Data Show Need for OB/GYNs to Play Expanded Role in Educating,
Preventing Heart Disease for Women in Reproductive Years

NEW YORK (March 11, 2013) – A new study by researchers at Montefiore Medical Center found young, minority women are more likely to visit an Obstetrician/Gynecologist (OB/GYN) as their primary care provider  though only 20 percent reported that their OB/GYN cares for all of their health needs. Additionally, when it comes to heart disease, only 33 percent remembered discussing it with their OB/GYN, according to the study, which was presented today at the American College of Cardiology’s 62nd Annual Scientific Session in San Francisco.

“These data show the critical role OB/GYNs play in providing preventive care and education to women who often consider them their primary care provider,” said Mary Rosser, M.D., Ph.D., OB/GYN, Department of Obstetrics & Gynecology and Women’s Health, Montefiore Medical Center, and assistant professor, Department of Obstetrics & Gynecology and Women's Health, Albert Einstein College of Medicine of Yeshiva University. “We as OB/GYNs must embrace our role in caring for our patients and ensure we’re doing everything possible to prevent heart disease and other chronic conditions.”

In recent years, there have been extensive efforts to educate consumers that heart disease is the number one killer of women.
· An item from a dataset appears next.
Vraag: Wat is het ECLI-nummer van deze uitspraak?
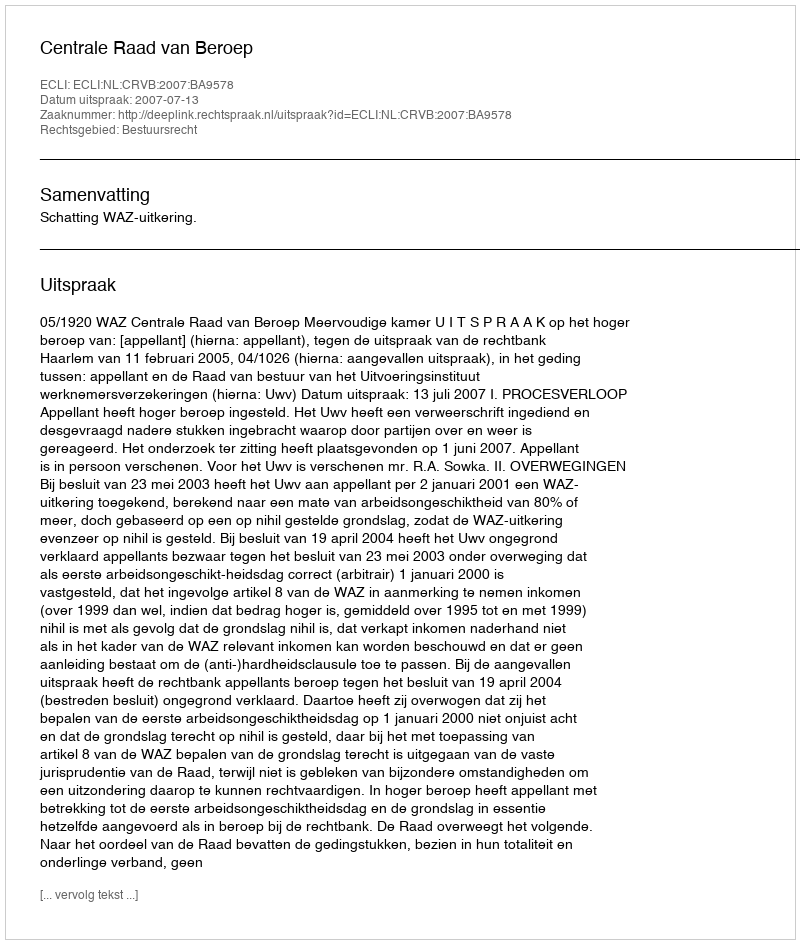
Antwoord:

Yet this study found that only 22 percent of women ages 18 to 40 and fewer than 20 percent of Hispanic and black women were aware of that fact. Additionally, about 31 percent of surveyed women reported having a pregnancy-related disease, like preeclampsia and gestational hypertension or diabetes, which significantly increases the risk of heart disease.
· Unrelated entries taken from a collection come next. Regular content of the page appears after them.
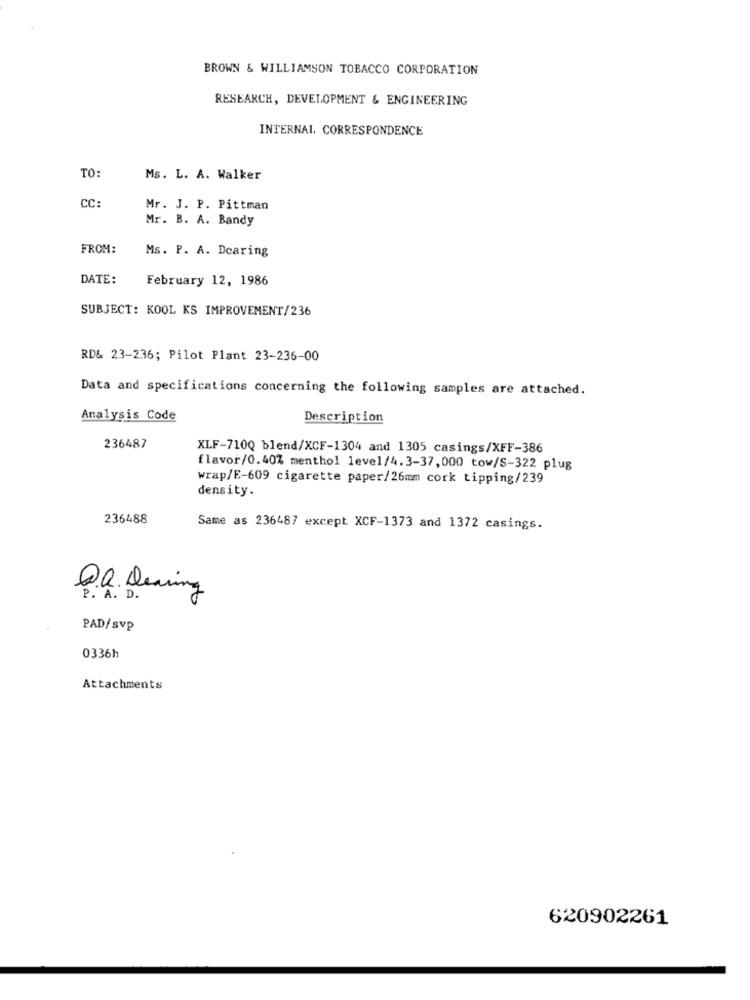
BROWN & WILLIAMSON TOBACCO CORPORATION
RESEARCH, DEVELOPMENT & ENGINEERING
INTERNAL CORRESPONDENCE
TO:
Ms. L. A. Walker
CC:
Mr. J. P. Pittman
Mr. B. A. Bandy
FROM:
Ms. P. A. Dcaring
DATE:
February 12, 1986
SUBJECT: KOOL KS IMPROVEMENT/236
RD& 23-236; Pilot Plant 23-236-00
Data and specifications concerning the following samples are attached.
Analysis Code
Description
236487
XLF-710Q blend/XCF-1304 and 1305 casings/XFF-386
flavor/0.40% menthol level/4.3-37,000 tow/S-322 plug
wrap/E-609 cigarette paper/26mm cork tipping/239
density.
236488
Same as 236487 except XCF-1373 and 1372 casings.
Q.Q. Dearing
P. A. D.
PAD/SVP
0336h
Attachments
620902261

“Education in an OB/GYNs office is more important than ever, especially in cases where a woman has experienced a pregnancy-related disease,” said Rosser. “American Heart Association guidelines recommend monitoring risk factors for heart disease in the years after pregnancy, and OB/GYNs are on the front lines of that mission.”

A total of 498 women ages 18 and older responded to a 33-question survey at five OB/GYN clinics affiliated with the academic medical center located in the Bronx, N.Y. Among women ages 18 to 40, 56 percent reported only visiting their OB/GYN on an annual basis, whereas 68 percent of women over 41 chose to see an internist. Of the women surveyed, about 40 percent reported having serious medical conditions like diabetes, obesity or high blood pressure.

“I am so passionate about these data, and we are continuing to explore this topic to better understand how OB/GYNs can positively impact the lives of our patients,” Rosser said. “I am hopeful our findings will encourage other OB/GYNs to further support the comprehensive care of their patients.”